Before the publication of Liberalism’s Religion, Cécile Laborde had already published extensively in the areas of liberalism and religion, state secularism, tolerance, and immigrant integration. She also worked on the broader topics of theories of law and the state, pluralism, syndicalism, and on contemporary theories of nationalism, multiculturalism, secularism and global justice. In her 2008 monograph Critical Republicanism. The Hijab Controversy in Political Philosophy, Laborde explored the tensions between the French philosophy of state laïcité and the reality of Muslim domination in France by meticulously analyzing the arguments and discourses surrounding France’s 2004 ban on religious signs in schools. The book develops a theory of critical republicanism that challenges official interpretations of laïcité but reinterprets and upholds certain core tenets of republicanism. ‘Liberalism’s Religion,’ Laborde states, ‘takes on a broader view of western political theory than Critical Republicanism’.In it, her own preferred theory of critical republicanism is presented as one of several reasonable traditions of thought, falling ‘within the broad umbrella of liberalism’. Laborde’s latest monograph thus presents a meta-perspective on topics that already figure prominently in her earlier work. This time she does not primarily focus on the gaps that exist between norms and practice but points out internal tensions within liberal political theory itself – tensions that can be brought to light by closely analyzing religion’s place within the liberal tradition.

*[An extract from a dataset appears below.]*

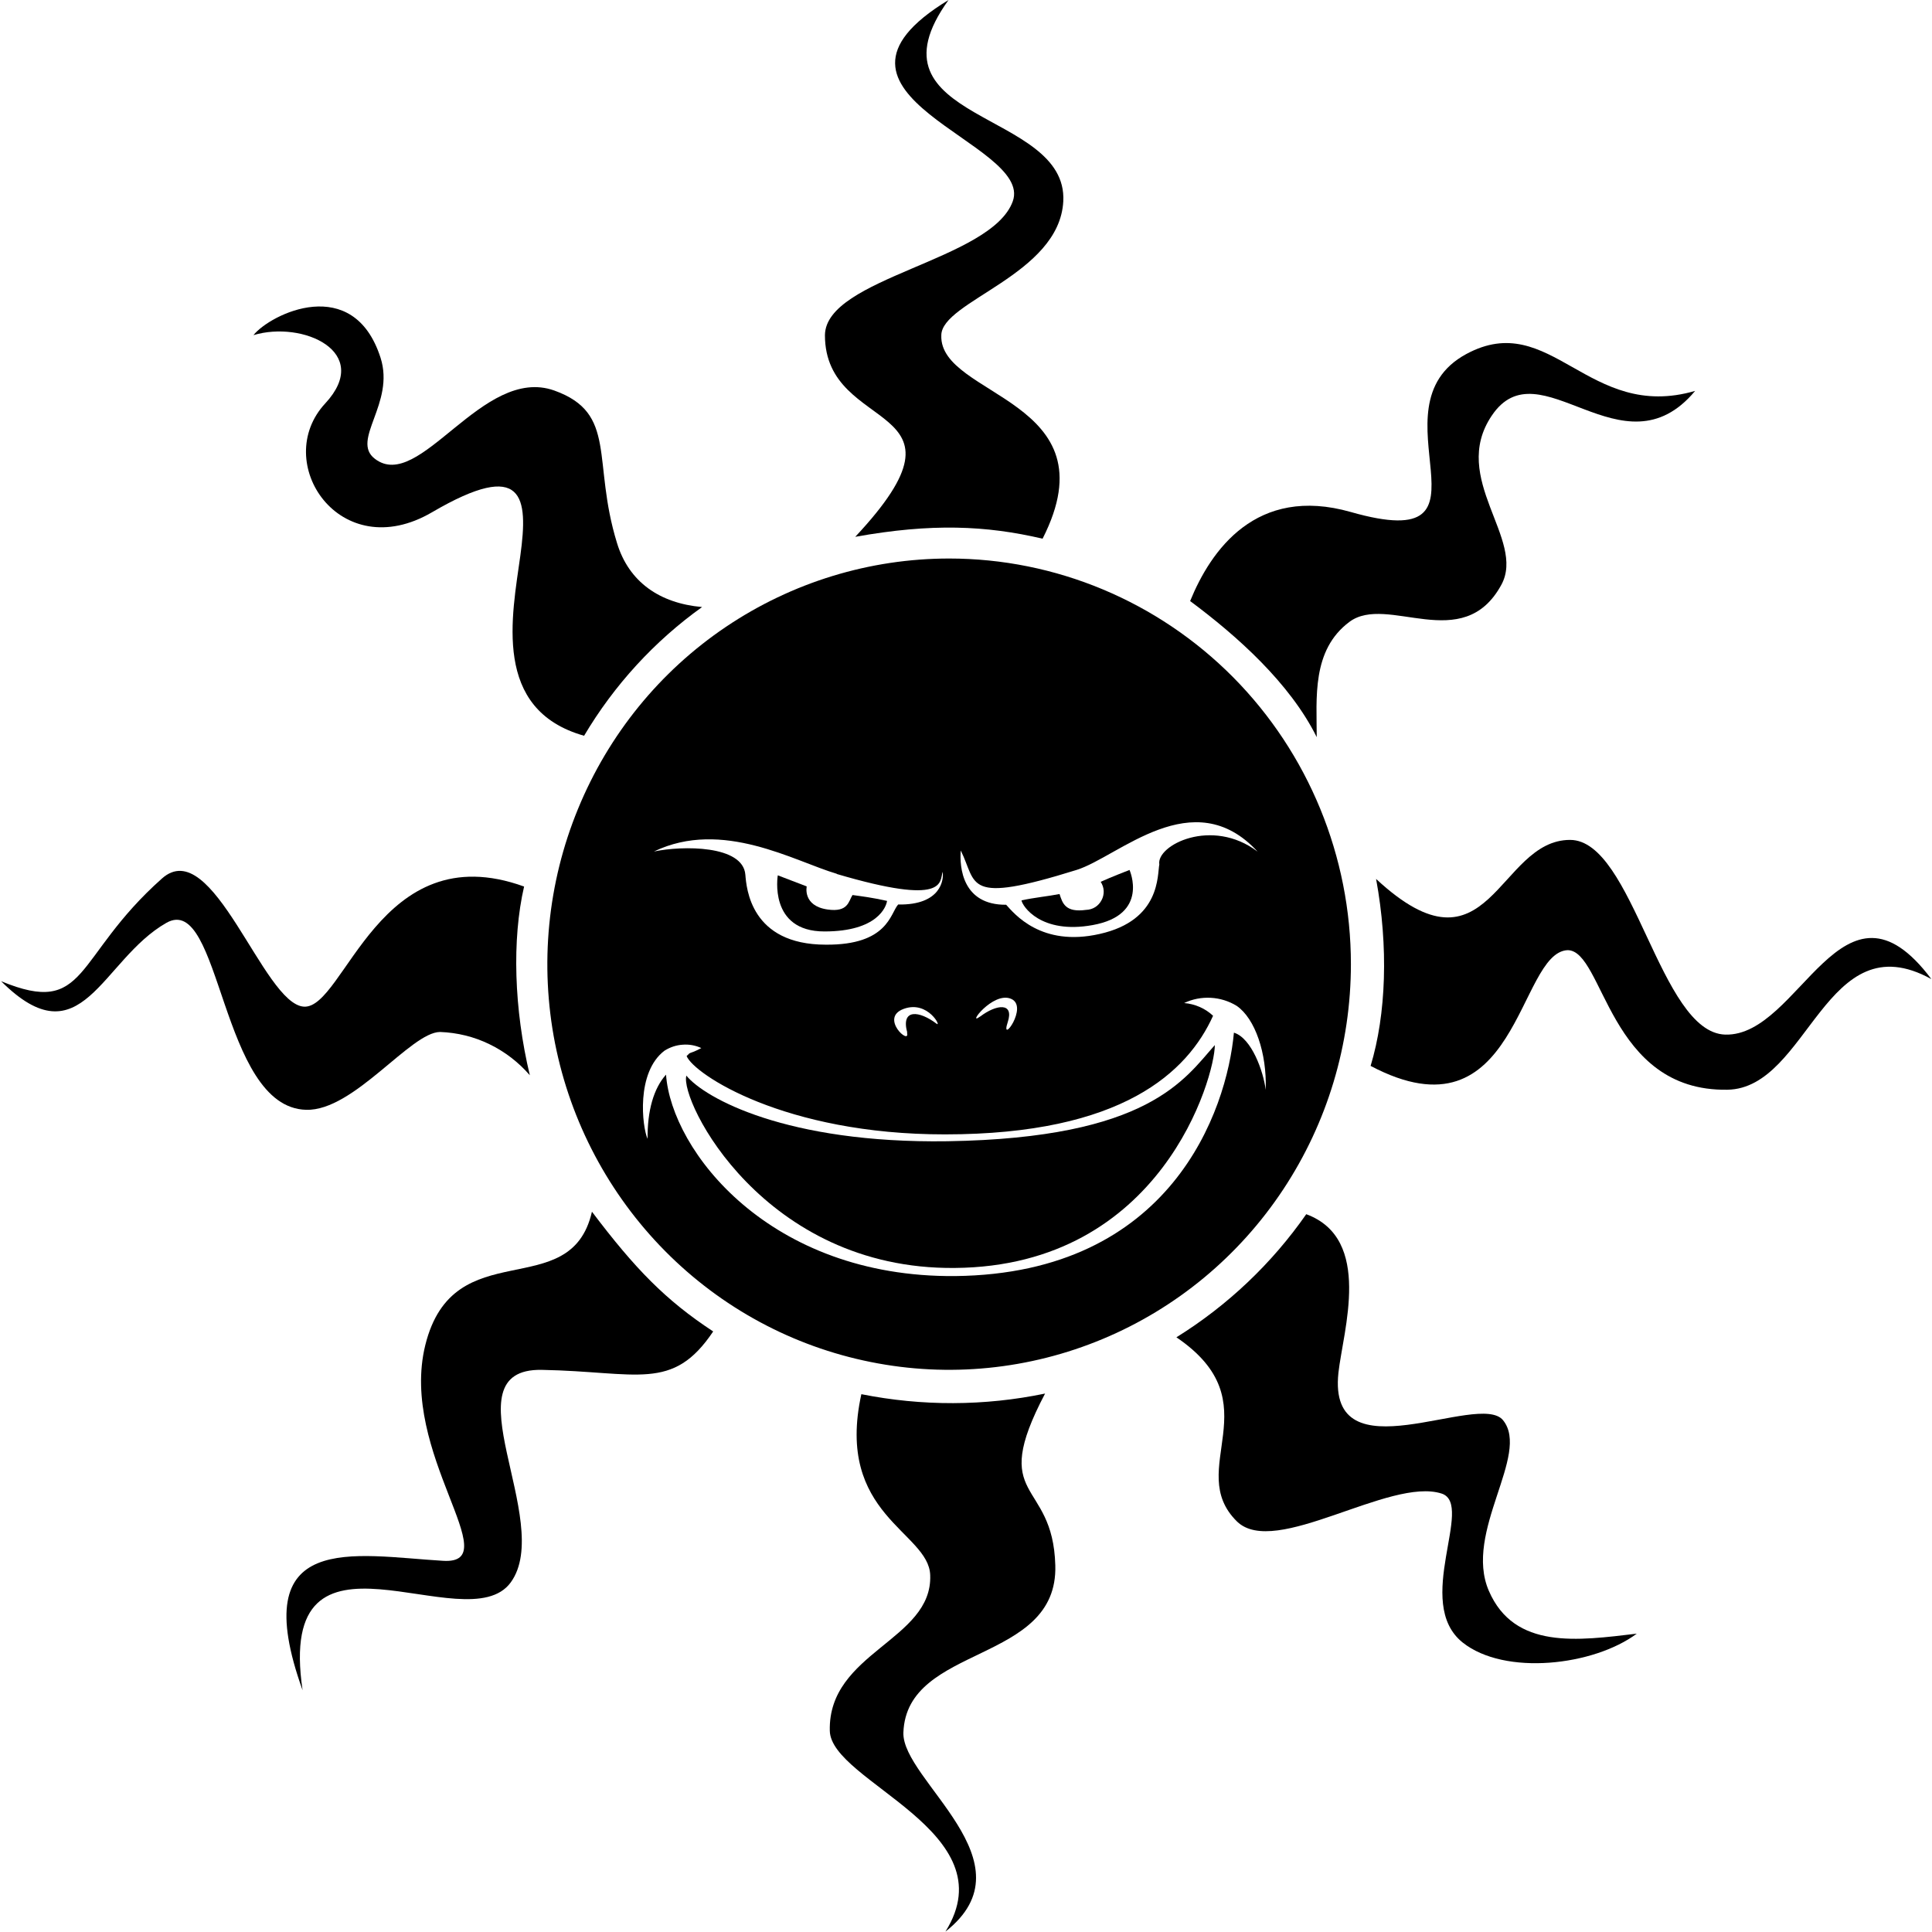 <svg version="1.2" xmlns="http://www.w3.org/2000/svg" viewBox="0 0 1549 1549" width="1549" height="1549"><style></style><path  d="m474.6 971.5c-17.1 74.9-111 15.6-133.6 106.9-21.4 86.5 66.5 176.1 14.3 173-71.6-4.2-159-25.2-112.7 103.8-22.1-149.5 131.3-37.6 166.9-86.5 35.5-48.9-52.2-171.7 24.8-170.4 77 1.4 104.9 17.8 137.5-30.8-38.1-25-62.6-50.2-97.2-96z"/><path  d="m685.7 430.4c103.3-110.4-24.3-80.8-24.3-161.7 0.6-46.1 133.5-59.8 150.6-107.3 17.1-47.5-177.8-84.7-51.5-161.4-71.1 98.6 95.8 87.9 92 161.4-3.1 59-97.8 80-97.8 107.5-1.8 49.6 138.2 51 81.2 163-45.3-10.6-89-12.5-150.2-1.5z"/><path  d="m954.2 481.9c16.5-40.5 52.9-93 128.8-71.4 127.1 36.3 13-83.7 92.7-126.7 67.7-36.5 97.6 54.6 183.4 29.6-58.2 69.8-124.9-37.2-163.1 19.9-34 50.4 27.7 99.1 7.7 135.6-30.9 56.7-91.4 7-121.8 29.7-30.4 22.7-26.2 61.2-26.2 92.4-21.5-43.3-63.8-81.1-101.5-109.1z"/><path  d="m1103.3 704.7c91 84.5 97.3-31.3 155.5-31.3 50.9 0 71.7 154.5 124.4 156.1 60 1.8 93.9-139.7 165.3-44.5-85-46.9-98.3 87.6-163.5 88.7-95.6 1.6-99-111.9-128.2-111.9-40 1.9-39.6 155.3-157.9 92.8 12.5-41.3 14.4-95.5 4.4-149.9z"/><path  d="m943.2 1072.2c77.7 52.7 5.9 105.8 48.6 147.7 30.5 29.6 122.5-35.9 164.1-22.4 26.6 8.8-23.2 87.4 16.8 119.4 33.8 26.9 105.1 18.6 139.6-7.1-47.2 5.6-98.1 13-118.6-34.3-20.5-47.3 33.6-109.3 11.4-136.8-19.2-23.8-141.1 46.3-132-38.1 3.7-33.6 27.8-107.3-25.8-127.1-27.7 39.7-63.1 73.2-104.1 98.7z"/><path  d="m690.6 1117.8c-21.3 97 54.1 110.2 55.2 145.1 2 52.3-82 61.7-80.5 124.8 0.9 41.1 143.2 80.6 92.7 161 71.1-55.7-35-121.3-33.7-159.6 2.6-71.1 124.2-54.7 121.8-134.1-1.9-70.2-54.1-50.6-8.2-137.7-48.6 10.1-98.7 10.2-147.3 0.5z"/><path  d="m420.2 710.8c-116.4-42.2-143.8 98.1-176.5 96.3-32.7-1.8-73.1-139.2-113.9-102.7-71.4 63.5-59 111.2-128.9 82.3 64.7 64.4 80.2-17 132.5-46.8 44.1-25 42.9 148.2 112.1 149.9 38.2 1.1 83.8-62.4 107.4-62.4 13.7 0.5 27.2 3.8 39.5 9.8 12.4 6 23.4 14.5 32.4 24.9-12.7-52.9-14.4-109-4.6-151.3z"/><path  d="m468.3 589.9c-74-20.9-57.7-96.3-51.1-144.5 6.4-46.8 3.3-78-70.8-34.7-74 43.3-129.3-40.3-85.6-87.3 38.2-41.2-18.1-66.6-57.6-54.7 13.7-17 80.1-49.7 101.9 18.1 11.8 36.7-24.1 66-4.6 81 36 27.9 86.2-75.2 143.9-54.7 51 18.3 30 56.5 50.3 122.3 9.5 31.2 34.2 48.3 68.2 51.3-38.3 27.4-70.5 62.6-94.6 103.2z"/><path  d="m663.5 729.2c-20.2-2.9-16.7-18.5-16.7-18.5l-23.2-8.9c0 0-7.7 45.1 37.5 45 42.5 0 49.5-19.9 50.1-24.5-12.8-2.8-19.7-3.6-27.7-4.7-3.2 5-3.4 14-20 11.6z"/><path  d="m882.5 707c1.4 2.2 2.3 4.7 2.4 7.3 0.1 2.6-0.5 5.2-1.7 7.4-1.2 2.3-3 4.3-5.1 5.6-2.2 1.4-4.7 2.1-7.3 2.2-16.6 2.3-18.9-5.2-21.3-12.7-8.5 1.7-20.8 2.9-30.5 5.1 0.7 4.6 15.5 27.3 57 19.8 45.8-8.2 29.6-44.2 29.6-44.2 0 0-15.3 5.9-23.1 9.5z"/><path  d="m759.6 915c-129 1.9-194.6-34.6-209.3-52.6-5.6 19.9 61.8 155.6 215.1 154.2 166.1-1.3 208.6-153.5 208.6-178.7-24.2 27.1-52.8 74.6-214.4 77.1z"/><path  d="m761 447.8c-63.7 0-126 19.1-179 54.8-53 35.7-94.2 86.5-118.6 146-24.4 59.4-30.8 124.8-18.4 187.9 12.5 63.1 43.2 121 88.2 166.5 45 45.5 102.4 76.5 164.9 89 62.5 12.6 127.3 6.1 186.1-18.5 58.9-24.6 109.2-66.3 144.6-119.8 35.4-53.5 54.3-116.3 54.3-180.7 0-86.2-34-169-94.4-230-60.4-60.9-142.3-95.2-227.7-95.2zm9.3 234.1c13.4 26.9 2.3 43.8 92.8 15.6 33.7-10.5 93.5-70.8 145.2-14.7-36.7-27.8-81.4-5.1-78.8 10.3-1.7 8.2 1.3 44.7-47.8 55.7-47 10.7-68.6-16.4-75-23.4-35 0.3-37.5-29.9-36.4-43.6zm15.5 133.1c-11.2 8.4 10.2-20.4 24.8-14.2 14.6 6.1-9.1 38-2.6 18.6 5.2-16-9.2-14.2-22.1-4.4zm-115-114.3c88.5 26.1 82.4 6.4 85-1.7 1 5.9-1 26.8-35.7 26.2-6.3 7-8.1 32.6-58 32.2-60.4 0-63.6-45.5-64.5-56.1-1.9-23.8-50.4-23.4-73.3-18.6 54.9-26.4 112.8 8 146.7 17.9zm318.5 127.3c-5.7 62.4-50.3 193.2-223.5 195.1-149.2 1.3-227.5-100.7-231.8-161.5-9.9 11-15 28.8-14.8 51.5-4.3-9.5-9.5-53.4 13.7-70.8 4.4-2.7 9.3-4.4 14.5-4.7 5.1-0.4 10.2 0.5 14.9 2.7-10.9 5.7-7.7 2.2-11.8 6.4 5.8 14.4 78.3 62.9 207.2 62.8 142.4 0 194.6-50.2 214.9-95.1-6.4-6-14.6-9.5-23.2-10.2 6.7-3.2 14-4.6 21.4-4.2 7.3 0.4 14.5 2.6 20.8 6.5 14.6 10.1 24.2 37.7 23.2 67.3-1.9-15-11.3-41.3-25.3-45.8zm-262.1 0c2.9 10.5-22.4-11.8-2.7-19.1 19.7-7.3 30.9 15.6 26.3 11.8-13.6-10.3-28.7-12.3-23.4 7.2z"/></svg>

At a recent event in Amsterdam, Anna Blijdenstein sat down to discuss some of these themes with Cécile Laborde.
Anna Blijdenstein: Before starting the ERC project on religion and secularism you had already written about the topic of religion, for example in Critical Republicanism. The Hijab Controversy and Political Philosophy (2008). What led you to pose the question ‘Is religion special’?
Cécile Laborde: I worked on religion before, and not only on the hijab controversy. I have also written about Islam in Senegal, religious exemptions, state laïcité, and immigrant integration. And I was just quite struck by the fact that the only concept people always took for granted was the concept of ‘religion’. It was always used as if it was quite clear what it was, a ‘thing’ that had to be dealt with or managed. This was particularly the case in the work of political philosophers. They – or maybe I should say we – employed an un-reflected-upon concept of religion that was also very limited. When pushed, we thought of religion as what John Rawls called ‘a conception of the good’. So we always worked with an analogy. Every time we said ‘conception of the good’, what we really had in mind was a religion, and every time we said ‘religion’ we had in mind something like a private conception of the good.
We talked about the separation of state and religion;the free exercise of religion, freedom of religion, butthe term itself was never clearly defined. The more I thought about it, the more I wondered if all these concepts might not mean something different in different contexts. My starting point was that in the idea of the separation of state and religion,the notion of religion is quite a complex one, and is going to be different than in the context of questions of religious freedom. So that was the starting point of the project: to interrogate the concept of religion.
AB: You say that political philosophers, in particular, failed to reflect on religion. Did other, more reflexive disciplines influence your project?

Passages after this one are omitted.